Factors to Consider for Loop Unrolling

  • Avoid nested looping structures. Instead, implement a large single loop or unroll inner loops by adding the #pragma unroll directive whenever possible. For example, if you compile a kernel that has a heavily nested loop structure, wherein each loop includes a #pragma unroll directive, you might experience a long compilation time. The Intel® oneAPI DPC++/C++ Compiler might fail to meet scheduling because it cannot unroll this nested loop structure easily, resulting in a high II. In this case, the Intel® oneAPI DPC++/C++ Compiler issues the following error message along with the line number of the outermost loop:

    Kernel <function> exceeded the Max II. The Kernel's resource usage is estimated to be much larger than FPGA capacity. It will perform poorly 
    even if it fits. Reduce resource utilization of the kernel by reducing loop unroll factors within it (if any) or otherwise reduce amount of 
    computation within the kernel.

  • Unrolling the loop and coalescing load operations from global memory allow the hardware implementation of the kernel to perform more operations per clock cycle.
  • The Intel® oneAPI DPC++/C++ Compiler might not be able to unroll a loop completely under the following circumstances:
    • You specify complete unrolling of a data-dependent loop with a very large number of iterations. Consequently, the hardware implementation of your kernel might not fit into the FPGA.
    • You specify complete unrolling and the loop bounds are not constants.
    • The loop consists of complex control flows (for example, a loop containing complex array indexes or exit conditions that are unknown at compilation time).

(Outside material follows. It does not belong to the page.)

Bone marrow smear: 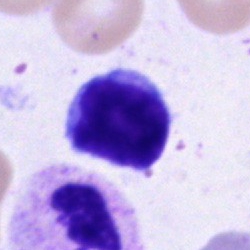

Showing a lymphocyte.

    For the last two cases listed above, the Intel® oneAPI DPC++/C++ Compiler issues the following warning:

    Full unrolling of the loop is requested but the loop bounds cannot be determined. The loop is not unrolled.

    To enable loop unrolling in these situations, specify the #pragma unroll <N> directive, where <N> is the unroll factor. The unroll factor limits the number of iterations that the Intel® oneAPI DPC++/C++ Compiler unrolls. Refer to Single Work-item Kernel Design Guidelines for tips on constructing well-structured loops.

TIP:

For additional information, refer to the FPGA tutorial sample "Loop Unroll" listed in the Intel® oneAPI Samples Browser on Linux* or Windows*, or access the code sample on GitHub.